With regard to iBuddee, we are told that it was a fairly similar situation in that the entrepreneur behind that operation also approached them to provide informal advice, which they offered in good faith but received no remuneration, were not employed, received no shares or made directors of iBuddee or any related company. The video of Marcus Lee extolling the virtues of AIQ and its dealings with iBuddee has been taken down, as have other videos and marketing materials by both Mama Captain and iBuddee as they “have been miscommunicated in London”. I should coco – AIQ has NO relationship with iBuddee (or Mama Captain), as otherwise it would have appeared in the listing prospectus. This all rather suggests that the people behind Mama Captain and iBuddee were rather more keen on a formal relationship than Messers Lee and Soon were.

The three companies identified by us where Messers Lee and/or Soon were directors which had not been declared in the AIQ prospectus are confirmed, but all are dormant and have never traded. It is an oversight to have missed them out from the prospectus and the FCA has been duly notified. But it is surely no more than a parking ticket offence, despite suggesting that the due diligence was not quite as thorough as one would like (it really did only take a couple of minutes searching the OpenCorporates website to find them).

So Andrew Monk is standing by his men, describing them as upstanding and with a real desire to help support the growth of an e-commerce or artificial intelligence business. I note carefully that a crypto currency business is ruled out. Does that means that when AIQ does find an operation to acquire it won’t be anything along the lines of Mama Captain or iBuddee?

But I do feel that the due diligence involved in getting this reply should have been done ahead of the very professional IPO, not a few days after it listed. The remedial work in removing YouTube videos was obviously deemed urgent enough to address my concerns.

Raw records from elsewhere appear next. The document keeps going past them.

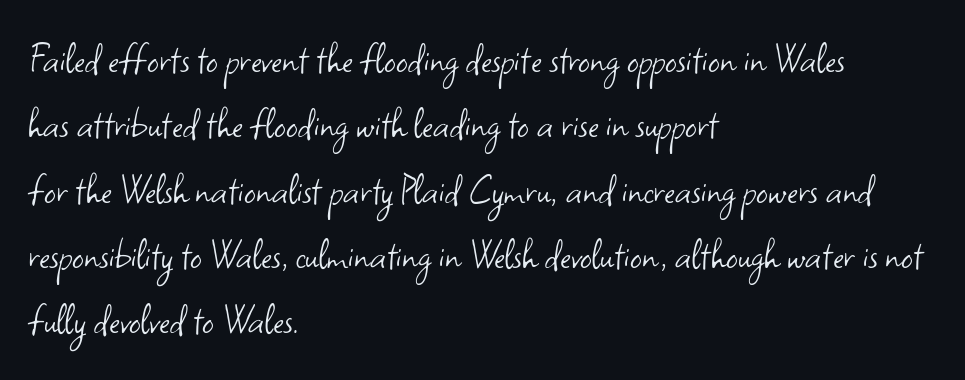
Q: Is the text bold? A: No.
Q: Is the text italic (slanted)? A: Yes.
Q: Is the typeface a serif or a sans-serif typeface? A: Sans-serif.
Q: Is the text underlined? A: No.
Q: How is the paragraph aligned? A: Left-aligned.
Q: Is the spacing between letters normal or unusually wide? A: Normal.
Q: Is the spacing between lines tight, normal or loose? A: Normal.
Q: Width (condensed, normal, or wide)? A: Normal.
Q: Stroke contrast? A: Low.
Q: x-height? A: Small.
Q: Monospaced? A: No.
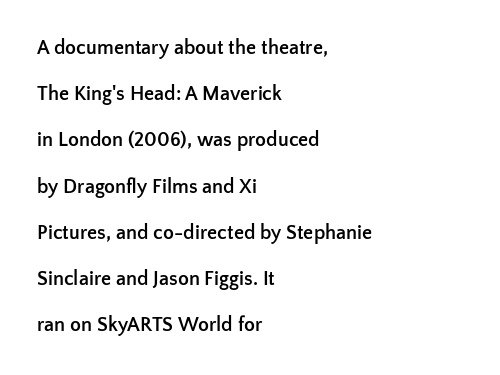
Q: Is the text bold? A: Yes.
Q: Is the text italic (slanted)? A: No, it is upright.
Q: Is the text underlined? A: No.
Q: How is the paragraph aligned? A: Left-aligned.
Q: Is the spacing between letters normal or unusually wide? A: Normal.
Q: Is the spacing between lines tight, normal or loose? A: Loose.
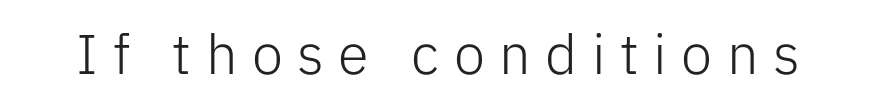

Why not before?

I have to thank Andrew Monk for this open and detailed response, and the mature handling of matters. I look forward to the un-suspending of the shares in due course, a suspension which has dragged on for quite a while, given that it was originally because of a disorderly market upon listing (is that not a bit of a Red Flag?) itself caused by the subscribers to the IPO placing not having received their shares. My understanding is that this matter was corrected some days ago, so I would imagine that once the missing directorships which should have been disclosed in the first place are processed the stock will be up and running agaih (or rather, back down to a more sensible price).

I still think readers would be bonkers to invest in AIQ, but let’s see what happens.